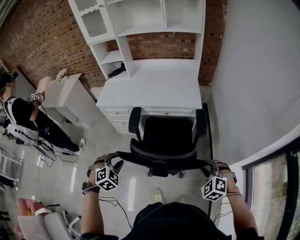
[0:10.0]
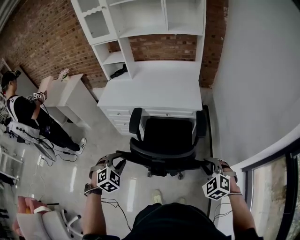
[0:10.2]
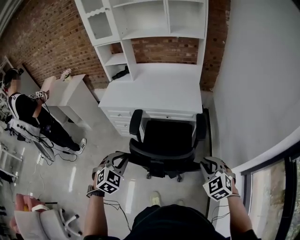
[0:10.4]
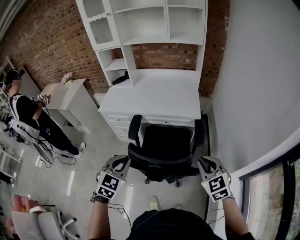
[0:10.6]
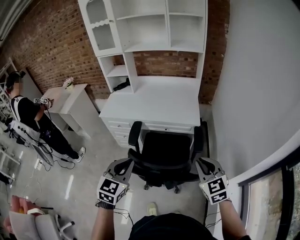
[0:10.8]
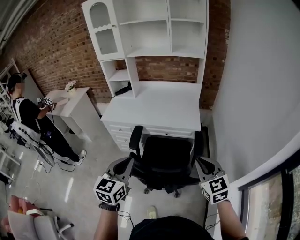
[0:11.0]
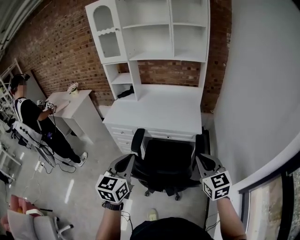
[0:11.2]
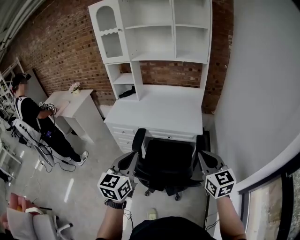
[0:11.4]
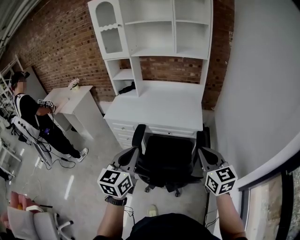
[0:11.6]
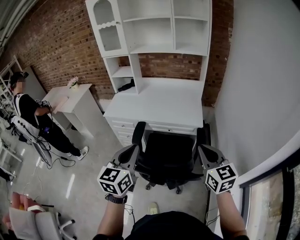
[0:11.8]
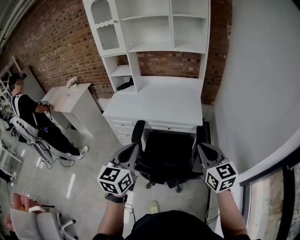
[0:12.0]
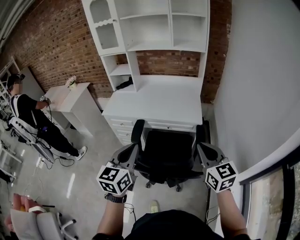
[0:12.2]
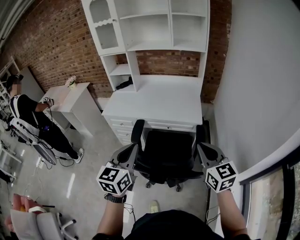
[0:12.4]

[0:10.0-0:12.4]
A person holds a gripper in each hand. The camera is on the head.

What you should do –
One exact copy of the data is required, and it should hold no pictures.

Answer area –
[0:10.0]
[0:10.2]
[0:10.4]
[0:10.6]
[0:10.8]
[0:11.0]
[0:11.2]
[0:11.4]
[0:11.6]
[0:11.8]
[0:12.0]
[0:12.2]
[0:12.4]

[0:10.0-0:12.4]
A person holds a gripper in each hand. The camera is on the head.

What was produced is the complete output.